The Efficiency of Robotic Hand Exoskeleton System in Stroke Patients

Marmara University1 site in 1 country36 target enrollmentAugust 7, 2023
ConditionsStroke

Overview

Phase
Not Applicable
Intervention
Not specified
Conditions
Stroke
Sponsor
Marmara University
Enrollment
36
Locations
1
Primary Endpoint
Frenchay Arm Test
Status
Completed
Last Updated
2 years ago

Overview

Brief Summary

The aim of our study is to investigate the effects of the robotic hand exoskeleton, on the spasticity, motor control skills, level of daily living activity, quality of life and functional independence of stroke patients.

Detailed Description

Stroke is a condition that occurs as a result of an ischemic or hemorrhagic intracranial vascular event, is the third leading cause of death in the world and can lead to disability. Depending on the localization of brain damage after stroke, it is possible to talk about different prognoses and therefore different functional losses in the lower extremities, upper extremities and hand and wrist. Today, various neurophysiological approaches, exercise strategies, electrotherapy modalities and assistive devices are used in the rehabilitation program suitable for the patient after stroke. In addition to these, robot-assisted therapy is gaining a place as an innovative approach in stroke rehabilitation with the developments in technology.
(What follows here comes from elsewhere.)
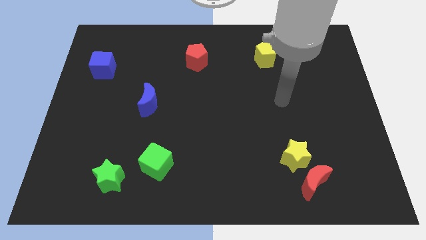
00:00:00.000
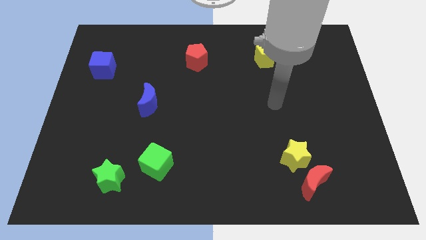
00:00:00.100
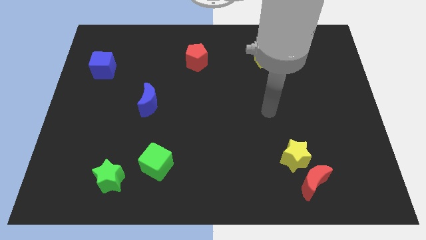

Robot-assisted therapy is thought to both facilitate and intensify treatment after stroke and increase motor development. The normal functions of the hand, which has many abilities and a complex structure, is extremely important to lead a free and active life. When the literature is examined, the success rate in the recovery of skills and functional recovery of the hand in stroke rehabilitation is low compared to the lower extremity and shoulder joint. More interventions are needed to increase the functional recovery of the hand. Studies should be conducted on robot-assisted treatment methods that allow active and passive exercises in the hand after stroke and contribute to neuroplasticity with an intensified and standardized program. Our aim in this study is to investigate the efficacy of the Robotic Hand Exoskeleton System developed at Marmara University in order to reduce the physiotherapy process and increase the responses of patients who have partially lost their hand functions due to stroke and need rehabilitation in stroke patients.

Registry
clinicaltrials.gov
Start Date
August 7, 2023
End Date
November 30, 2023
Last Updated
2 years ago
Study Type
Interventional
Study Design
Parallel
Sex
All

Investigators

Responsible Party
Principal Investigator
Principal Investigator

Fatma Ozturk

researcher

Marmara University

Eligibility Criteria

Inclusion Criteria

  • Being diagnosed with stroke by a neurologist
  • At least 3 months have passed after the stroke
  • Mini Mental State Examination score of at least 24
  • To be able to maintain sitting balance during working with the robot,
  • Having full range of motion in the metacarpophalangeal (MCP), proximal interphalangeal (PIF) and distal interphalangeal (DIF) joints,
  • Spasticity in finger flexor and extensor muscles ≤ 3 according to the Modified Ashworth Scale (MAS)
  • Being between the ages of 35-85

Exclusion Criteria

  • Other neurological or orthopedic problems that may affect upper extremity function,
  • Cardiovascular vulnerability (severe uncontrolled hypertension, severe coronary artery disease, unstable angina)
  • Behavioral and cognitive conditions that affect treatment and make compliance difficult
  • Having botulinum toxin procedure in the last 6 months
  • Cardiac pacemakers
  • Those with skin ulcers
  • Pregnancy
  • History of metastatic cancer

Outcomes

Primary Outcomes

Frenchay Arm Test

Time Frame: 5 weeks

It is a scale that evaluates the motor control skills and functions of the upper extremities of patients in a practical way and takes less than 3 minutes to perform. The patient is asked to perform 5 tasks based on activities of daily living in a sitting position with hands on the table. The maximum score on the scale is 5, with 1 point for each successful task. (The tasks the patient is asked to do are; Fixing the ruler, Holding a cylinder, Lifting the glass, Attaching the latch to the bar, Combing hair)

Secondary Outcomes

  • Stroke impact scale version 3.0(5 weeks)
  • modified ashworth scale(5 weeks)
  • Upper Limb Motor Activity Diary-28(5 weeks)

Study Sites (1)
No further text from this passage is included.